L’impegno per la pace
«Dobbiamo ricostruire la pace: questa è la volontà di Dio». Dichiarazione categorica di dom Luciano Mendes. Non era uno slogan, ma una certezza che lo spingeva sia a denunciare ingiustizie e crimini contro la dignità umana sia ad entrare in campo, in prima persona, ogni qualvolta la stabilità della pace fosse in pericolo. In Brasile, per esempio, si schierò al fianco delle popolazioni indigene, la cui sopravvivenza era – e è tutt’oggi – minacciata da interessi economici. Viaggiò fino allo Stato di Roraima, all’estremo Nord del Brasile, per ascoltare le rivendicazioni del popolo Yanomami, messo in pericolo da garimpeiros (cercatori di oro) e gruppi interessati all’estrazione di minerali. In seguito, in Brasilia, si riunì con circa trenta parlamentari di diversi partiti politici, con rappresentanti del Consiglio di Difesa dei Diritti della persona umana, dell’Ordine degli Avvocati e di altre entità, in cerca di una risoluzione pacifica. Con lo stesso spirito profetico, si fece portavoce delle popolazioni indigene Krenak (Belo Horizonte – Minas Gerais) e Arara (Aripuanã – Mato Grosso) per accellerare il processo di delimitazione dei loro territori e la riappropriazione di alcune loro aree. Non restò in silenzio dinanzi al massacro del popolo dei Tikuna avvenuto in Benjamim Constant, nello Stato di Amazonas. L’impegno di dom Luciano per la pace superò i confini del Brasile. Nel 1980, in Nicaragua, portò solidarietà ai superstiti del tragico terremoto e dei bombardamenti avvenuti durante la rivoluzione. Otto anni più tardi, raggiunse il Libano, dove era in corso una guerra civile. In mezzo a tanti rischi, si offrì come mediatore. Ascoltò le vittime del conflitto libanese, visitò i campi dei rifugiati cristiani e gli edifici bombardati, incontrò le autorità politiche e religiose locali e le incentivò a intraprendere la strada del dialogo. Trascorse quattro ore in conversazione privata con Samir Farid Geagea, capo della rivoluzione libanese. Il contributo del vescovo brasiliano fu decisivo per la ricostruzione della pace in Libano.
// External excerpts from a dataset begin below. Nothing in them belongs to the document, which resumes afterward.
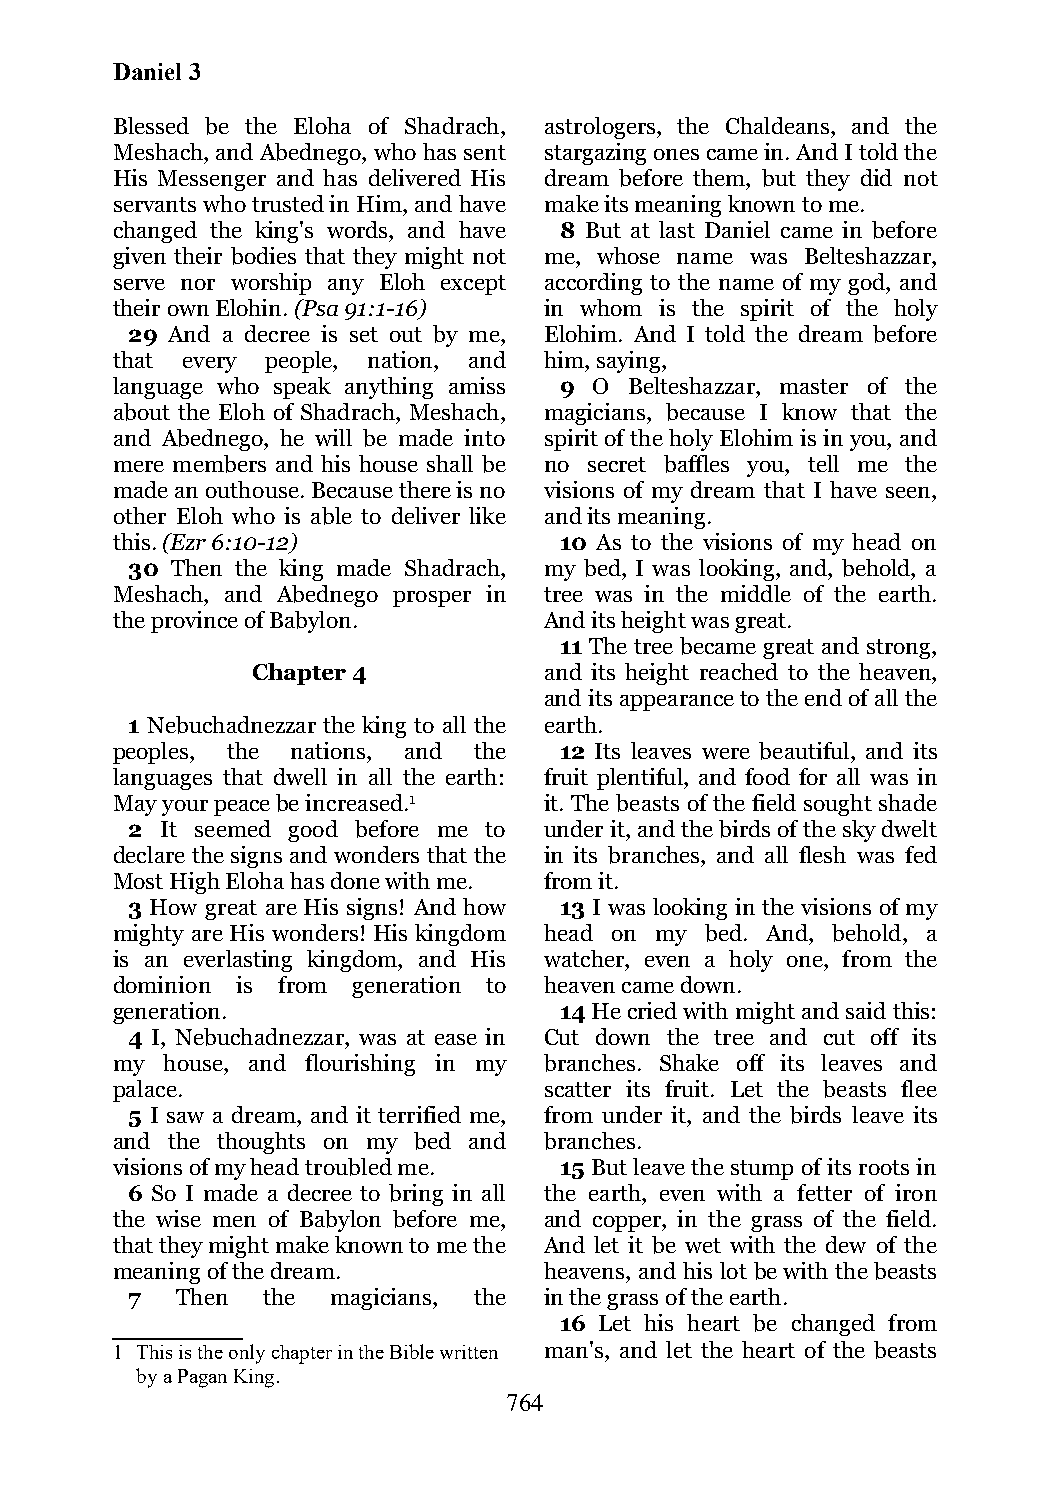
Daniel 3
 Blessed be the Eloha of Shadrach, astrologers, the Chaldeans, and the
 Meshach, and Abednego, who has sent stargazing ones came in. And I told the
 His Messenger and has delivered His dream before them, but they did not
 servants who trusted in Him, and have make its meaning known to me.
 changed the king's words, and have 8 But at last Daniel came in before
 given their bodies that they might not me, whose name was Belteshazzar,
 serve nor worship any Eloh except according to the name of my god, and
 their own Elohin. (Psa 91:1-16) in whom is the spirit of the holy
 29 And a decree is set out by me, Elohim. And I told the dream before
 that every people, nation, and him, saying,
 language who speak anything amiss 9 O Belteshazzar, master of the
 about the Eloh of Shadrach, Meshach, magicians, because I know that the
 and Abednego, he will be made into spirit of the holy Elohim is in you, and
 mere members and his house shall be no secret baffles you, tell me the
 made an outhouse. Because there is no visions of my dream that I have seen,
 other Eloh who is able to deliver like and its meaning.
 this. (Ezr 6:10-12)           10 As to the visions of my head on
 30 Then the king made Shadrach, my bed, I was looking, and, behold, a
 Meshach, and Abednego prosper in tree was in the middle of the earth.
 the province of Babylon.     And its height was great.
 11 The tree became great and strong,
 Chapter 4          and its height reached to the heaven,
 and its appearance to the end of all the
 1 Nebuchadnezzar the king to all the earth.
 peoples, the nations, and the 12 Its leaves were beautiful, and its
 languages that dwell in all the earth: fruit plentiful, and food for all was in
 May your peace be increased.1 it. The beasts of the field sought shade
 2  It seemed good before me to under it, and the birds of the sky dwelt
 declare the signs and wonders that the in its branches, and all flesh was fed
 Most High Eloha has done with me. from it.
 3 How great are His signs! And how 13 I was looking in the visions of my
 mighty are His wonders! His kingdom head on my bed. And, behold, a
 is an everlasting kingdom, and His watcher, even a holy one, from the
 dominion is from generation to heaven came down.
 generation.                   14 He cried with might and said this:
 4 I, Nebuchadnezzar, was at ease in Cut down the tree and cut off its
 my  house, and flourishing in my branches. Shake off its leaves and
 palace.                      scatter its fruit. Let the beasts flee
 5 I saw a dream, and it terrified me, from under it, and the birds leave its
 and the thoughts on my bed and branches.
 visions of my head troubled me. 15 But leave the stump of its roots in
 6 So I made a decree to bring in all the earth, even with a fetter of iron
 the wise men of Babylon before me, and copper, in the grass of the field.
 that they might make known to me the And let it be wet with the dew of the
 meaning of the dream.        heavens, and his lot be with the beasts
 7   Then the  magicians, the in the grass of the earth.
 16 Let his heart be changed from
 1 This is the only chapter in the Bible written man's, and let the heart of the beasts
 by a Pagan King.
 764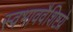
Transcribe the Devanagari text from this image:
स्वभाववैशिष्टय़े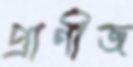
প্রাণীজ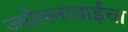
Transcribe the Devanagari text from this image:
ज्योत्स्नाबाईंचा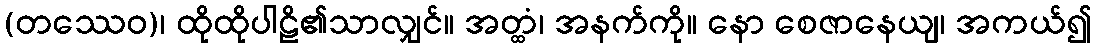
(တဿေဝ)၊ ထိုထိုပါဠိ၏သာလျှင်။ အတ္ထံ၊ အနက်ကို။ နော စေဇာနေယျ၊ အကယ်၍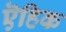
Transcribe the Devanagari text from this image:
ऎहिक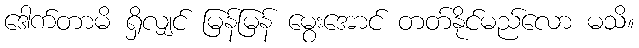
ဒေါက်တာမိ ရှိလျှင် မြန်မြန် မွေးအောင် တတ်နိုင်မည်လော မသိ။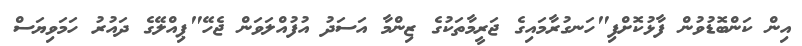
އިން ކަންބޮޑުވުން ފާޅުކޮށްފި"ހަނގުރާމައިގެ ޖަރީމާތަކުގެ ޒިންމާ އަސަދު އުފުއްލަވަން ޖެހޭ"ޕިއްލޭގެ ދައުރު ހަމަވިޔަސް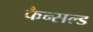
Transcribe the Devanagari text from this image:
कैन्सल्ड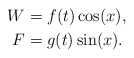
\begin{align*} W&=f(t)\cos(x),\\ F&=g(t)\sin(x).\end{align*}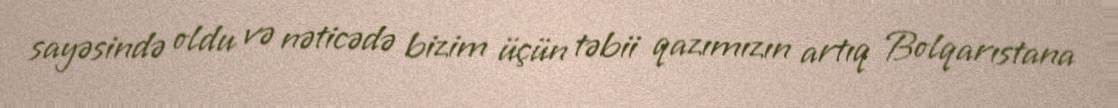
sayəsində oldu və nəticədə bizim üçün təbii qazımızın artıq Bolqarıstana
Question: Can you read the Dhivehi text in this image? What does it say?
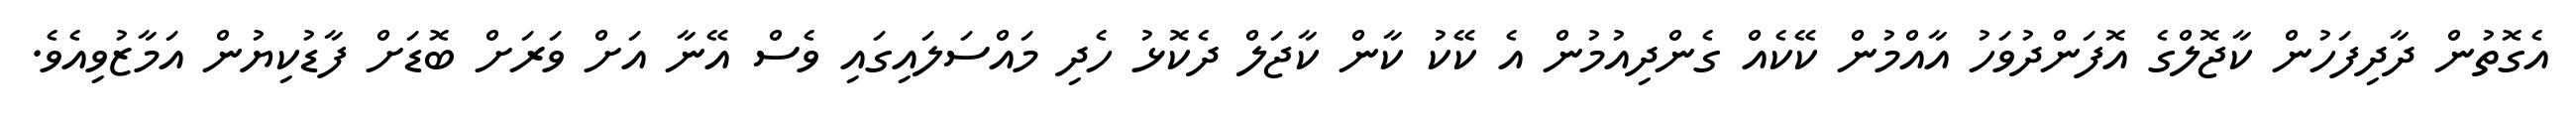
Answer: އެގޮތުން ދާދިފަހުން ކާޖޮލްގެ އޮފަންދުވަހު އާއްމުން ކޭކެއް ގެންދިއުމުން އެ ކޭކު ކާން ކާޖަލް ދެކޮޅު ހެދި މައްސަލައިގައި ވެސް އޭނާ އަށް ވަރަށް ބޮޑަށް ފާޑުކިޔުން އަމާޒުވިއެވެ.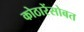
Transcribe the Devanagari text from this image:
कोठारेंसोबत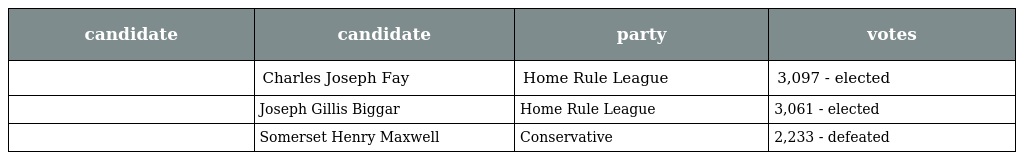
| candidate | candidate | party | votes |
 | --- | --- | --- | --- |
 |  | Charles Joseph Fay | Home Rule League | 3,097 - elected |
 |  | Joseph Gillis Biggar | Home Rule League | 3,061 - elected |
 |  | Somerset Henry Maxwell | Conservative | 2,233 - defeated |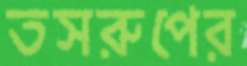
তসরুপের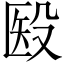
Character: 殹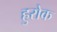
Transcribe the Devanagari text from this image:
हुरोक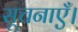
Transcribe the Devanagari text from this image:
सूचनाएँ।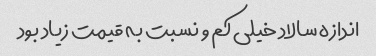
اندازه سالاد خیلی کم و نسبت به قیمت زیاد بود

Superare la paura dell’altro
«Come sarebbe possibile vivere con gli altri se non potessimo credere in loro?», chiede dom Luciano in uno dei suoi scritti. È vero, non c’è pace che tenga quando, nelle relazioni interpersonali o internazionali, regna il sospetto. La paura porta a difendersi dall’altro, visto come una minaccia e non un dono. Purtroppo, come già faceva notare monsignor Mendes, «nell’attuale situazione della società, le nazioni più potenti hanno creato un clima di profonda sfiducia», la cui conseguenza pratica è la corsa agli armamenti. Il triste risultato non può che essere questo: «una pace ottenuta per tensione, una pace instabile perché fondata sulla sfiducia e sulla paura reciproca». La strada da percorrere è decisamente un’altra: superare la paura dell’altro e porsi in un atteggiamento sincero di «fede nel fratello», per «scoprire la formula della felicità: convivere». Non si tratta di una visione ingenua o utopica, ma di una proposta – quella di dom Luciano – che nasce da una constatazione teologica: «Dio non ha creato me [soltanto], ha creato noi, per poter vivere insieme, per amarci, per aiutarci». Infatti, «chi si chiude in se stesso non sarà mai capace di rallegrarsi per il bene altrui». Comprendere questo significa disporsi alla pace.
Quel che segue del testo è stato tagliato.